For updating, it is much trickier. From the above, we have l-lowbit(l) < k ≤ l, iff bit[l] includes k. Below is a sketch of proof, the actual proof will include more details and be more tedious and boring to go through. For the kth number, bit[k+lowbit(k)] must include it. This is because the lowbit of k+lowbit(k) must be at least 2 times lowbit(k), so k+lowbit(k)-lowbit(k+lowbit(k)) ≤ k-lowbit(k) < k ≤ k+lowbit(k), satisfying the inequality. Also, k can be updated to k+lowbit(k) in the next iteration, because given lowbit(k) < lowbit(m) < lowbit(n) and that bit[m] includes k and bit[n] includes m, bit[n] must include k as well. Till now, we have shown that the bit[k] values we have modified in the for loop must include k.

Then, we also need to show that all bit[l] values that include k are modified in our loop. We can actually count all the bit[l] values that include k: it is equal to one plus the number of zeros before lowbit(k). It is not difficult to see how the for loop reduces the number of zeros before lowbit(k) each time the loop moves on to the next iteration. The only question remaining is why that number? Let’s look at the table 2b again. The numbers of terms for the first four entries, i.e. {4, 3, 3, 2}, are one more than the number of terms for the second four entries, i.e. {3, 2, 2, 1}. This is by design, because bit covers the first four but not the second four, and everything else is pretty symmetric. Again, the first two entries have one more coverage than the second two entries, because bit records the first two but not the second two. Hence, each time we “go down the tree” on a “zero edge” (appending a 0 to the index prefix), the numbers will be covered once more than if we “go down the tree” on a “one edge” (appending a 1 to the index prefix). After we hit the low bit, no more terms of smaller low bits will cover this index, and of course the index itself includes itself, thus the plus one. This is a basic and very rough explanation on how the numbers of zeros relate to the number of terms including a certain index. Here we have argued semi-convincingly the update loop is valid and complete.

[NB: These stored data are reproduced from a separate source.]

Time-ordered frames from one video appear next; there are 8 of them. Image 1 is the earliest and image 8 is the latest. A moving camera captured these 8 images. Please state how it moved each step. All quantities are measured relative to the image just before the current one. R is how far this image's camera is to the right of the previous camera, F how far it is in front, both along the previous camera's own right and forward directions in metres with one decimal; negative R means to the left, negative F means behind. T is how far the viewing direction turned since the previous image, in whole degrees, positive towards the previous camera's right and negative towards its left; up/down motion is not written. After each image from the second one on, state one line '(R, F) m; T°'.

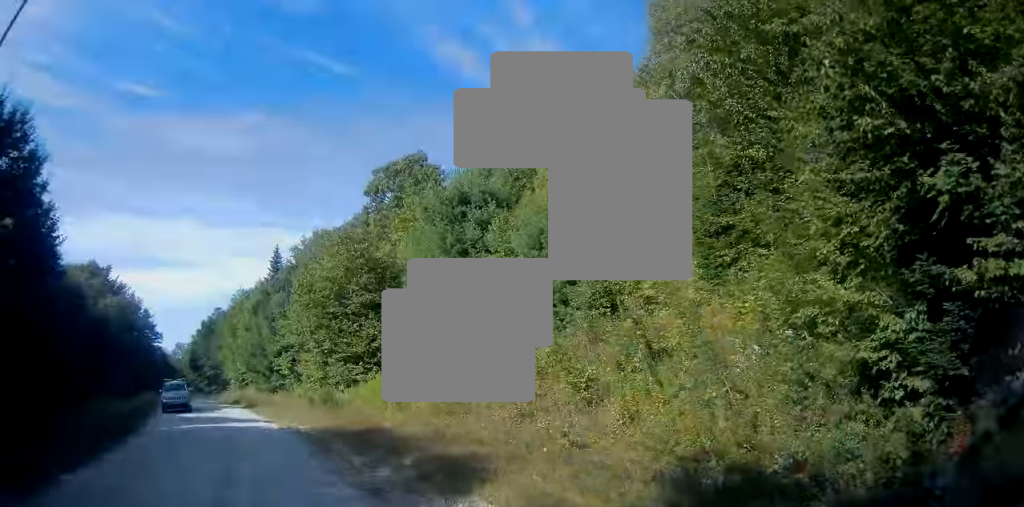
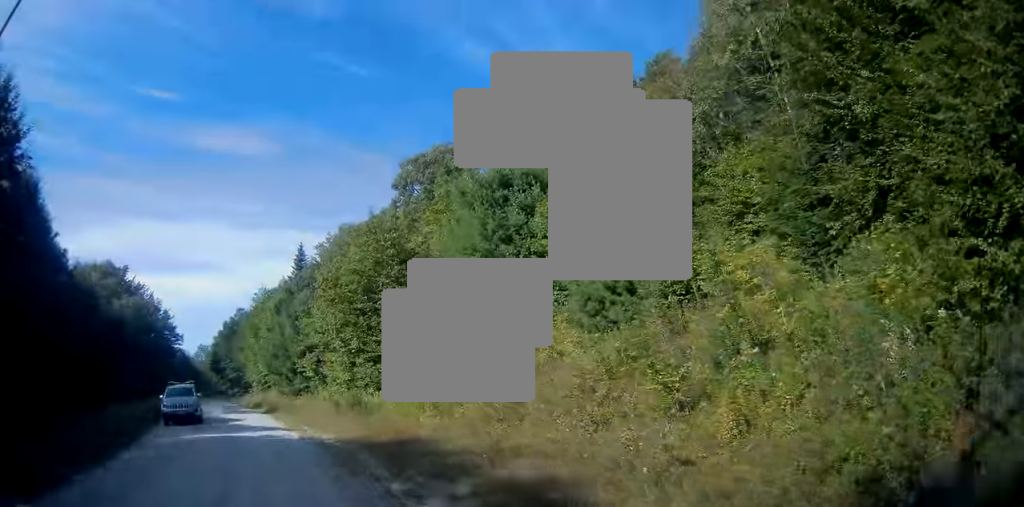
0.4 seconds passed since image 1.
(+0.1, +3.3) m; 0°
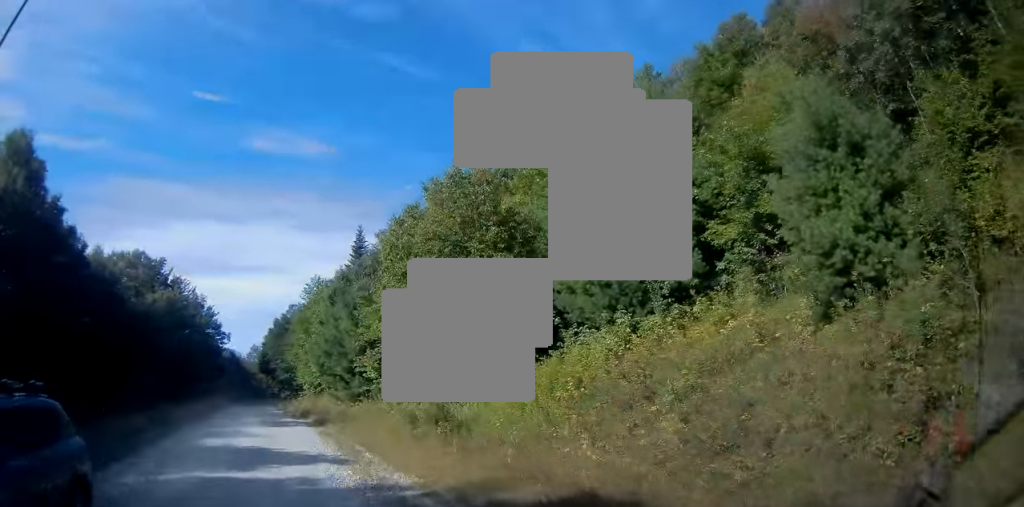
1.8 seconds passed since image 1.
(-0.5, +8.3) m; -10°
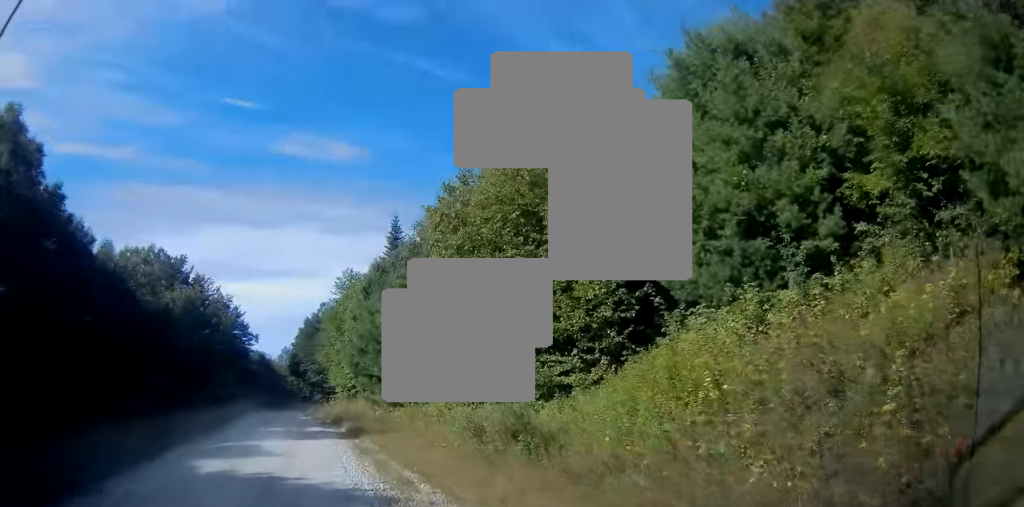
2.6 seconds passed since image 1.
(-0.5, +4.1) m; -4°
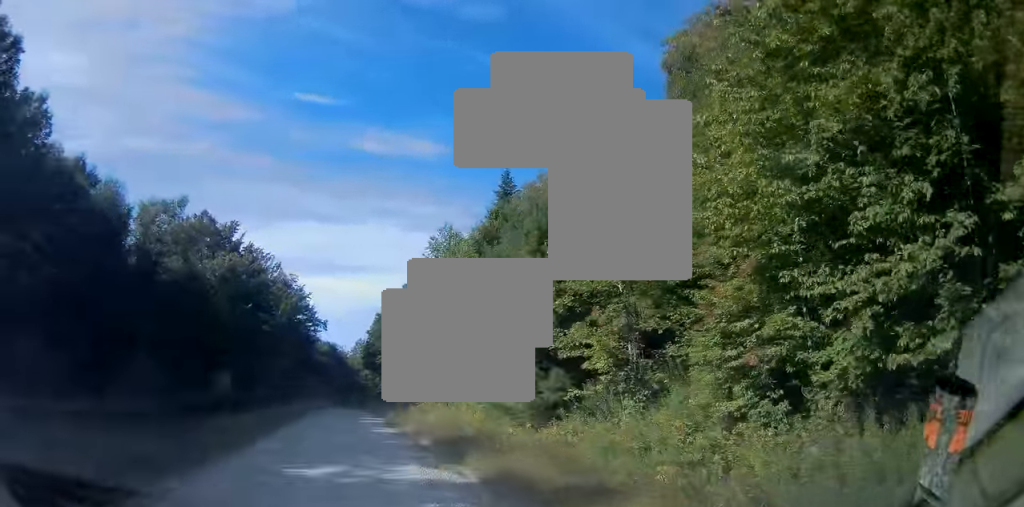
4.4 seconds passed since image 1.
(-0.8, +11.2) m; -10°
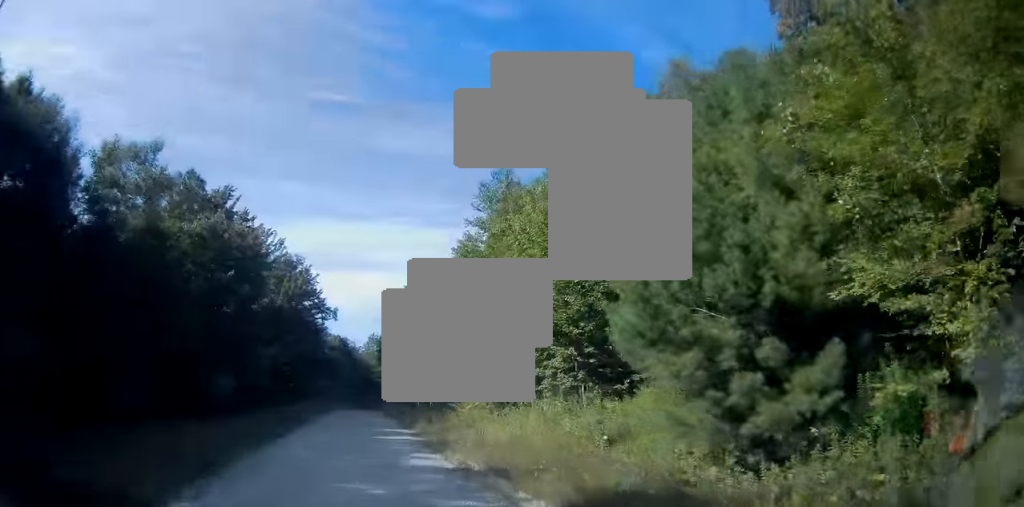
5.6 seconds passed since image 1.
(-0.2, +9.5) m; 0°
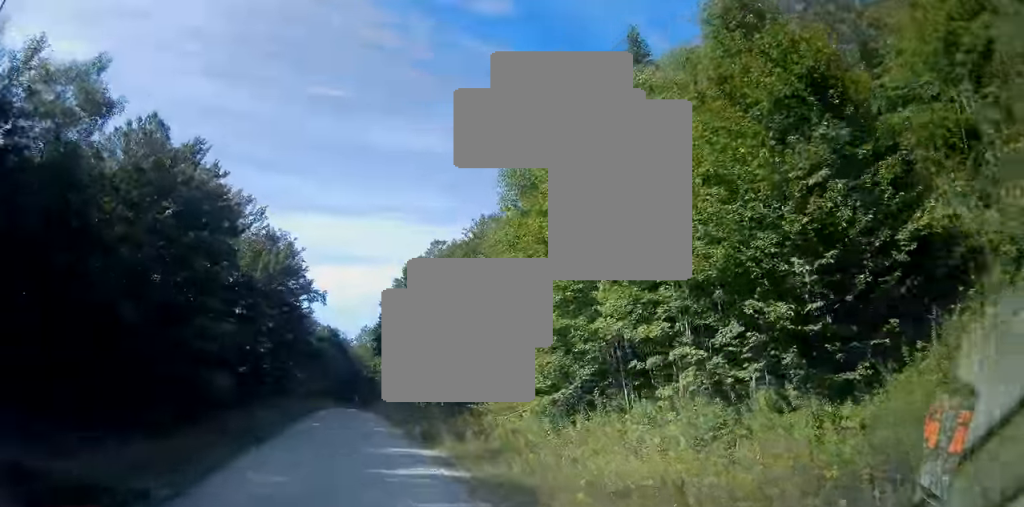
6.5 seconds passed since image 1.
(+0.2, +8.9) m; 0°
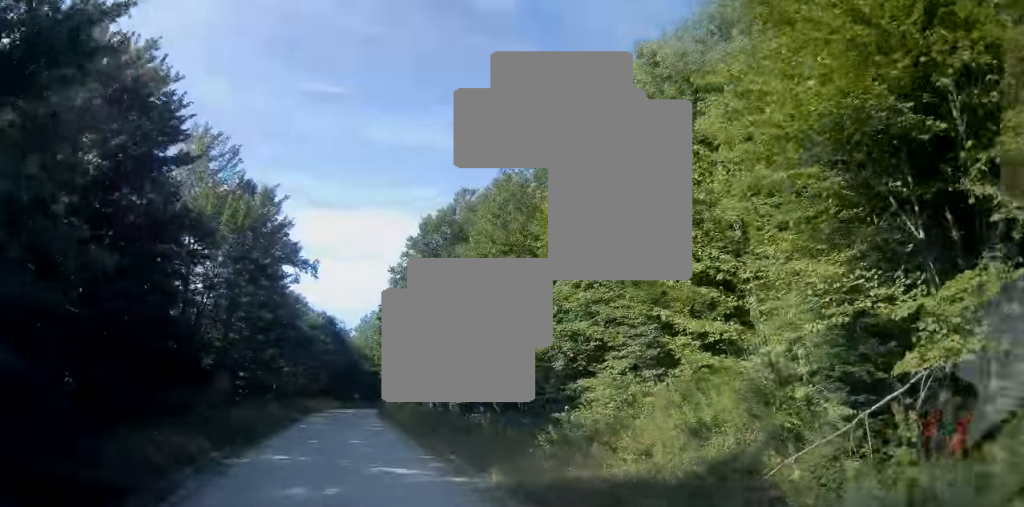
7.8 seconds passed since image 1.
(-0.2, +12.9) m; -1°

OK, anyway, time for practice: Range Sum Query – Mutable

It’s literally implementing a binary indexed tree, nothing more.

```class NumArray {
private:
vector<int> bit;
void update_helper(int v, int k) {
for (k++; k < bit.size(); k += k & (-k))
bit[k] += v;
}
int query_helper(int k) {
int ans = 0;
for (k++; k; k -= k & (-k))
ans += bit[k];
return ans;
}
public:
NumArray(vector<int> &nums) {
bit.resize(nums.size()+1);
for (int i = 0; i < nums.size(); i++)
update_helper(nums[i], i);
}
void update(int i, int val) {
update_helper(val-query_helper(i)+query_helper(i-1), i);
}
int sumRange(int i, int j) {
return query_helper(j)-query_helper(i-1);
}
};
```

It got a little complicated because I didn’t store the original values, so we need some work on line 21 to calculate the change at a certain index given the new value and the old range sums. But that’s nothing important.

That’s it for the basic introduction of binary indexed trees. There are some variants to it, such as replacing the + sign in update function to a min or max function to take prefix min or max, or extending the algorithm to a 2D matrix, aka 2D binary indexed tree. We can even use it for some dynamic programming questions. There are in fact a few more questions on Leetcode that uses this data structure. But that’s for later.

I learned binary indexed tree through the TopCoder tutorial. If you think I did a really bad job and you do not understand at all, you can refer to it as well.